Set down the complete data exactly as it appears below.

───── INFORMATION SHOWN ─────

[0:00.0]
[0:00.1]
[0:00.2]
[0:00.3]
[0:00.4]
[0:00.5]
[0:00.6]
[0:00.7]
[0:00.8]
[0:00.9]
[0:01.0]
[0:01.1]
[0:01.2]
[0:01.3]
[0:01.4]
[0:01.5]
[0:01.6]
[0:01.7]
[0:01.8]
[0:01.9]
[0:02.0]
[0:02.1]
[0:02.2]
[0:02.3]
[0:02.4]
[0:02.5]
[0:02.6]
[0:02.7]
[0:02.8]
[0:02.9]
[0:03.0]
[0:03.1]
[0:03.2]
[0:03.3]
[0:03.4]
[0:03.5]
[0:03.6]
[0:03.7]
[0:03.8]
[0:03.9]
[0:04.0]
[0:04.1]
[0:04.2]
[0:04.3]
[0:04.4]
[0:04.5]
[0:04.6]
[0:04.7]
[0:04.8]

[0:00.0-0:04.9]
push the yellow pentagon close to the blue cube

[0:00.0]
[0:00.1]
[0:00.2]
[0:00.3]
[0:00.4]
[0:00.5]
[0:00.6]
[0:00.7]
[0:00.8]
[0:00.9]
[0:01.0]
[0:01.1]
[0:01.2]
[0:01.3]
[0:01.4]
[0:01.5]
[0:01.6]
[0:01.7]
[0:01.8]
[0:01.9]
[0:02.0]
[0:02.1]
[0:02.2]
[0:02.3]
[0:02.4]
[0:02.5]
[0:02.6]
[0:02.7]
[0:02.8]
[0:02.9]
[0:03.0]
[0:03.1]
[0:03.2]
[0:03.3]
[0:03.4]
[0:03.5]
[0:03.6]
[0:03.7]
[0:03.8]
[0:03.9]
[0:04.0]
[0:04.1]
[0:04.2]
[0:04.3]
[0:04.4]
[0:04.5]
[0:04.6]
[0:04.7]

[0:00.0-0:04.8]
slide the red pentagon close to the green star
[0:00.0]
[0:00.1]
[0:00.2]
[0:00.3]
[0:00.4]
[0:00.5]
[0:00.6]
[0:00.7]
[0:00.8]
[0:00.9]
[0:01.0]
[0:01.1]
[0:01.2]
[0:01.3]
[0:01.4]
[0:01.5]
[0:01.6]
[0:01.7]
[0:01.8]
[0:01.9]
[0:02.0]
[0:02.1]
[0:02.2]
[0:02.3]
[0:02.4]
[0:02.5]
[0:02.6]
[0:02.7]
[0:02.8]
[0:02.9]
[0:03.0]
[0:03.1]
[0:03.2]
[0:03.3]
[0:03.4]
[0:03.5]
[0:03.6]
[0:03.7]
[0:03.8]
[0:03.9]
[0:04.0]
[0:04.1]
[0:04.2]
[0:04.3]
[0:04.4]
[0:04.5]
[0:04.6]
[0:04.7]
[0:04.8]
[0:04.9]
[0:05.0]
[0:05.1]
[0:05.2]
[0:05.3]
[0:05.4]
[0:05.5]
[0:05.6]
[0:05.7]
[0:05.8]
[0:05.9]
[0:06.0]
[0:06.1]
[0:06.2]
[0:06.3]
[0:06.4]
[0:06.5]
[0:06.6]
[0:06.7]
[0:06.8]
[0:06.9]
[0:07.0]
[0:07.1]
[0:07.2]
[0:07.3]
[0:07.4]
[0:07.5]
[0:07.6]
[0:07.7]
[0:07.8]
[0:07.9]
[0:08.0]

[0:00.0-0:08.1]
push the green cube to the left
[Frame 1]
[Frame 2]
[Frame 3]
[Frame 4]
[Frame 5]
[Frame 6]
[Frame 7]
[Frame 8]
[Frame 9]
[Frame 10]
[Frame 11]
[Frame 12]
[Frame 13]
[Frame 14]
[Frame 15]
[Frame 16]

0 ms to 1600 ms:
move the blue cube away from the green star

─────

• _ANSWER TO THE PROBLEM_
[0:00.0]
[0:00.1]
[0:00.2]
[0:00.3]
[0:00.4]
[0:00.5]
[0:00.6]
[0:00.7]
[0:00.8]
[0:00.9]
[0:01.0]
[0:01.1]
[0:01.2]
[0:01.3]
[0:01.4]
[0:01.5]
[0:01.6]
[0:01.7]
[0:01.8]
[0:01.9]
[0:02.0]
[0:02.1]
[0:02.2]
[0:02.3]
[0:02.4]
[0:02.5]
[0:02.6]
[0:02.7]
[0:02.8]
[0:02.9]
[0:03.0]
[0:03.1]
[0:03.2]
[0:03.3]
[0:03.4]
[0:03.5]
[0:03.6]
[0:03.7]
[0:03.8]
[0:03.9]
[0:04.0]
[0:04.1]
[0:04.2]
[0:04.3]
[0:04.4]
[0:04.5]
[0:04.6]
[0:04.7]
[0:04.8]

[0:00.0-0:04.9]
push the yellow pentagon close to the blue cube

[0:00.0]
[0:00.1]
[0:00.2]
[0:00.3]
[0:00.4]
[0:00.5]
[0:00.6]
[0:00.7]
[0:00.8]
[0:00.9]
[0:01.0]
[0:01.1]
[0:01.2]
[0:01.3]
[0:01.4]
[0:01.5]
[0:01.6]
[0:01.7]
[0:01.8]
[0:01.9]
[0:02.0]
[0:02.1]
[0:02.2]
[0:02.3]
[0:02.4]
[0:02.5]
[0:02.6]
[0:02.7]
[0:02.8]
[0:02.9]
[0:03.0]
[0:03.1]
[0:03.2]
[0:03.3]
[0:03.4]
[0:03.5]
[0:03.6]
[0:03.7]
[0:03.8]
[0:03.9]
[0:04.0]
[0:04.1]
[0:04.2]
[0:04.3]
[0:04.4]
[0:04.5]
[0:04.6]
[0:04.7]

[0:00.0-0:04.8]
slide the red pentagon close to the green star
[0:00.0]
[0:00.1]
[0:00.2]
[0:00.3]
[0:00.4]
[0:00.5]
[0:00.6]
[0:00.7]
[0:00.8]
[0:00.9]
[0:01.0]
[0:01.1]
[0:01.2]
[0:01.3]
[0:01.4]
[0:01.5]
[0:01.6]
[0:01.7]
[0:01.8]
[0:01.9]
[0:02.0]
[0:02.1]
[0:02.2]
[0:02.3]
[0:02.4]
[0:02.5]
[0:02.6]
[0:02.7]
[0:02.8]
[0:02.9]
[0:03.0]
[0:03.1]
[0:03.2]
[0:03.3]
[0:03.4]
[0:03.5]
[0:03.6]
[0:03.7]
[0:03.8]
[0:03.9]
[0:04.0]
[0:04.1]
[0:04.2]
[0:04.3]
[0:04.4]
[0:04.5]
[0:04.6]
[0:04.7]
[0:04.8]
[0:04.9]
[0:05.0]
[0:05.1]
[0:05.2]
[0:05.3]
[0:05.4]
[0:05.5]
[0:05.6]
[0:05.7]
[0:05.8]
[0:05.9]
[0:06.0]
[0:06.1]
[0:06.2]
[0:06.3]
[0:06.4]
[0:06.5]
[0:06.6]
[0:06.7]
[0:06.8]
[0:06.9]
[0:07.0]
[0:07.1]
[0:07.2]
[0:07.3]
[0:07.4]
[0:07.5]
[0:07.6]
[0:07.7]
[0:07.8]
[0:07.9]
[0:08.0]

[0:00.0-0:08.1]
push the green cube to the left
[Frame 1]
[Frame 2]
[Frame 3]
[Frame 4]
[Frame 5]
[Frame 6]
[Frame 7]
[Frame 8]
[Frame 9]
[Frame 10]
[Frame 11]
[Frame 12]
[Frame 13]
[Frame 14]
[Frame 15]
[Frame 16]

0 ms to 1600 ms:
move the blue cube away from the green star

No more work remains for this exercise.